UKSH will keine Mitarbeiterunzufriedenheit provozieren

Was genau nach Veröffentlichung der E-Mail passiert ist, will Grieve nicht preisgeben. Diese Informationen oblägen dem Personalrat. Burkhard Heinrich findet deutliche Worte: „Das Ergebnis ist nicht zufriedenstellend. Ein offenes Gespräch wurde abgeblockt.

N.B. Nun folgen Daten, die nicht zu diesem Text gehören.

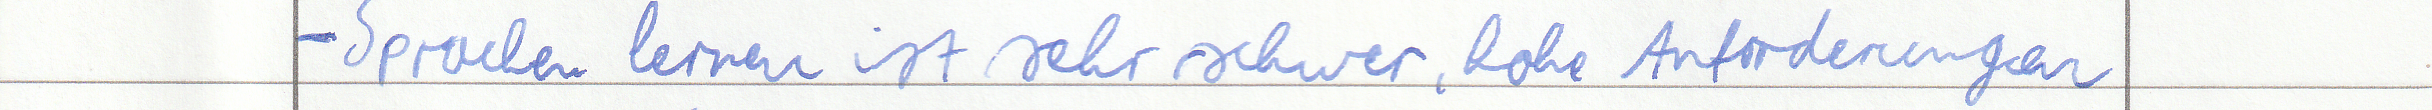
- Sprachen lernen ist sehr schwer, hohe Anforderungen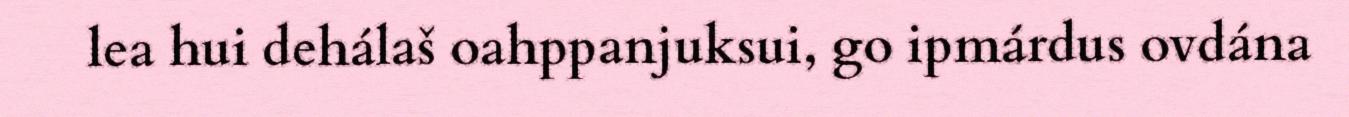
lea hui dehálaš oahppanjuksui, go ipmárdus ovdána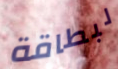
لبطاقة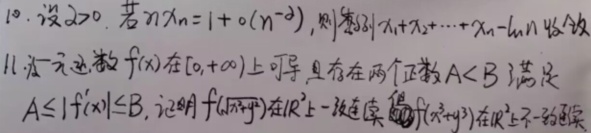
10. 设 $\lambda>0$，若 $n^{\lambda}x_n = 1 + o(n^{-\delta})$，则数列 $x_1 + x_2+\cdots + x_n-\ln n$ 收敛。
11. 设一元函数 $f(x)$ 在 $[0, +\infty)$ 上可导，且存在两个正数 $A < B$ 满足
$A\leq |f'(x)|\leq B$，证明 $f(\sqrt{x + y})$ 在 $\mathbb{R}^2$ 上一致连续，$f(x^2 + y^2)$ 在 $\mathbb{R}^2$ 上不一致连续。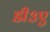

Die ganze Sache wurde unter den Tisch gekehrt.“ Beim UKSH hofft man dennoch auf Frieden. „Angesichts des bundesweiten Personalmangels in Krankenhäusern wäre es widersinnig, dem UKSH – das nachweislich gewaltige Anstrengungen für seine Mitarbeiterinnen und Mitarbeiter in sozialen Leistungen und der Arbeitsorganisation unternimmt – zu unterstellen, es würde Aufträge für Fehlverhalten vergeben und damit das Risiko einer Mitarbeiterunzufriedenheit provozieren“, so Oliver Grieve. Man bedauere, dass sich Mitarbeiterinnen oder Mitarbeiter durch diese E-Mail beeinträchtigt fühlen, sei aber von den „betreffenden Mitarbeiterinnen oder Mitarbeitern nicht autorisiert, diese Verschwörungstheorie im persönlichen Gespräch auszuräumen“.